People seem to have difficulty envisioning the wider context of how other people could be denied access to their cars by keyless entry systems in many other everyday circumstances (just as it was pointed out for something as everyday and probable as key fob battery exhaustion, in conjunction with having parked the vehicle close to an immovable object such as a wall, fence, hedge, even a small piece of mundane and inoccuous street furniture like a litter bin).

The Ombudsman chose not to see the wider picture either, choosing to focus on my personal circumstances. I have concern that, if taken to Court, a judge will also rule that the bigger picture must be excluded and decide solely on the basis of my individual claim/circumstances (anyone could be forgiven for thinking that such would be the easy option and be less controversial than making a decision which would set a significant precedent).

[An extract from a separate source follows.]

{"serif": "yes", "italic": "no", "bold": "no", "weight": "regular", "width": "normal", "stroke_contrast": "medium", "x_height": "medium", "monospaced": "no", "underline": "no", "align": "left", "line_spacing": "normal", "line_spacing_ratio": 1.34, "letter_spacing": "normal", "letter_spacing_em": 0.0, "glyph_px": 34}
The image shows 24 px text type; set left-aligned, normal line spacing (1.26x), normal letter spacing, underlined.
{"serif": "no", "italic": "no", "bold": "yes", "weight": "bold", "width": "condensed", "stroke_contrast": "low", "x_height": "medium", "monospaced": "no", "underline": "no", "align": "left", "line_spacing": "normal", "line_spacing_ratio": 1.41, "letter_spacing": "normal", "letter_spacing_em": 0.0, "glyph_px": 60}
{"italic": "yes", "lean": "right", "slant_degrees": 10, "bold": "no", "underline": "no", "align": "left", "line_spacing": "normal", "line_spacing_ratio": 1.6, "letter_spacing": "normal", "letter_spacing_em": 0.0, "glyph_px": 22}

Although SoGA does not discriminate regarding the nature of a “fault”, experience would suggest that it lets consumers down when it comes to a design fault. Which brings me back to my impression that the only way for consumers to get redress in respect of faulty or bad design issue is via some form of publicity to shame the manufacturer into doing something. This seems to be wrong and the likes of Which? should be thinking about campaigning how to improve consumers’ lot in this respect.

Isbjorn – I see the sleep mode as a useful feature to increase the chance of the car starting after, for example when unused for an extended period. I would be surprised if other cars don’t have a similar feature, but obviously the owner needs to be told about this.

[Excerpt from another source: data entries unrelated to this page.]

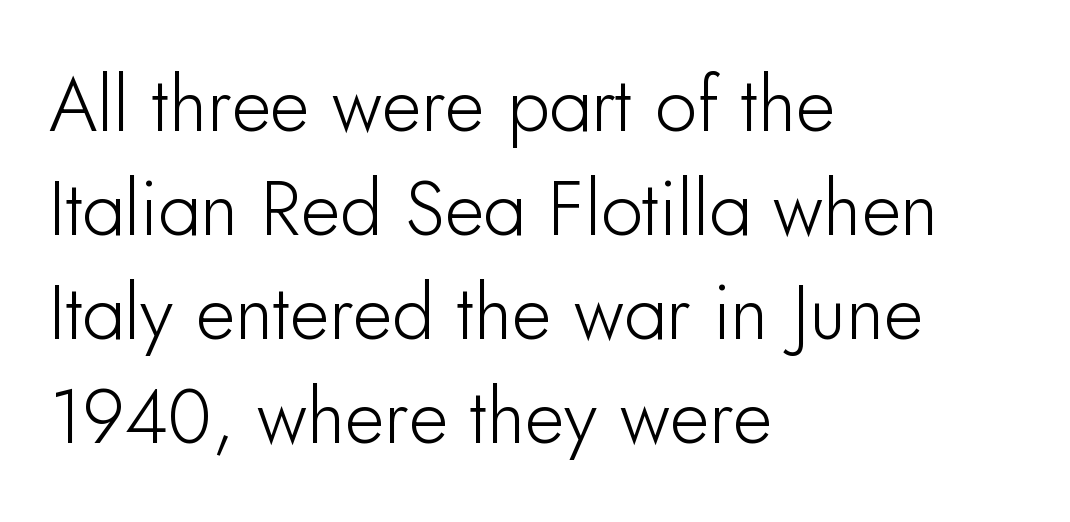
The image shows 76 px sans-serif type, upright; set left-aligned, normal line spacing (1.37x), normal letter spacing, not underlined; low stroke contrast and a small x-height.
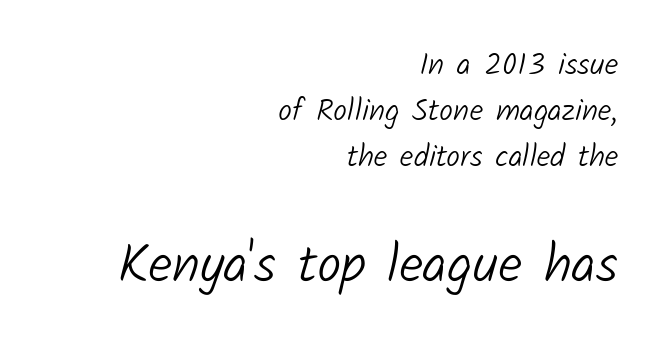
Q: Is the text bold? A: No.
Q: Is the typeface a serif or a sans-serif typeface? A: Sans-serif.
Q: Is the text underlined? A: No.
Q: How is the paragraph aligned? A: Right-aligned.
Q: Is the spacing between letters normal or unusually wide? A: Normal.
Q: Is the spacing between lines tight, normal or loose? A: Normal.
Q: Which block of text is set in a larger size, the first (top) or the second (bottom)? A: The second (bottom) one.
Q: Width (condensed, normal, or wide)? A: Normal.
Q: Stroke contrast? A: Low.
Q: x-height? A: Medium.
Q: Monospaced? A: No.
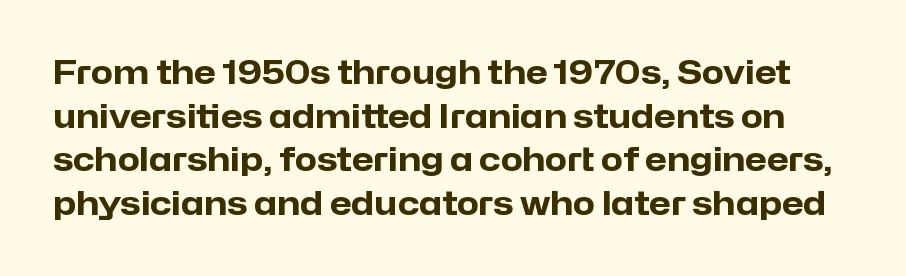
The image shows 32 px heavy sans-serif type, upright; set normal line spacing (1.36x), normal letter spacing, not underlined; low stroke contrast and a medium x-height.

Most smartphones will exhaust their battery after a few days when not in use because they are in communication with a local transmitter mast to receive calls and information. The simple phone that I keep in the car for emergency use is switched off and the battery stays charged for months.

Isbjorn says:
4 November 2014

I think we may have to agree to differ on the usefulness of the sleep mode. Mmmmm, maybe shut down most of the ECUs to save battery discharging, but not the VITAL one that lets one get back into the car ? !

ECUs (Electronic Control Units) – cars are bristling with these now, all gobbling juice. One owner has reported walking away, having locked the car, whilst continuing with a mobile ‘phone call, set up via the car’s bluetooth. When he returned, the car battery was flat. I guess that because the call was not disconnected before walking away, the blue tooth ECU was left transmitting on full power trying, aimlessly, to maintain the connection with the mobile handset….another example of a feature which the manufacturer purports offers a “convenience”, ending up causing the owner problems…..

In the circumstances I can understand your view but even if there was no sleep mode you would not have been able to get into the car once the battery was flat. What your car should have had is key access on both sides. So should mine, and your story has alerted me to the problem.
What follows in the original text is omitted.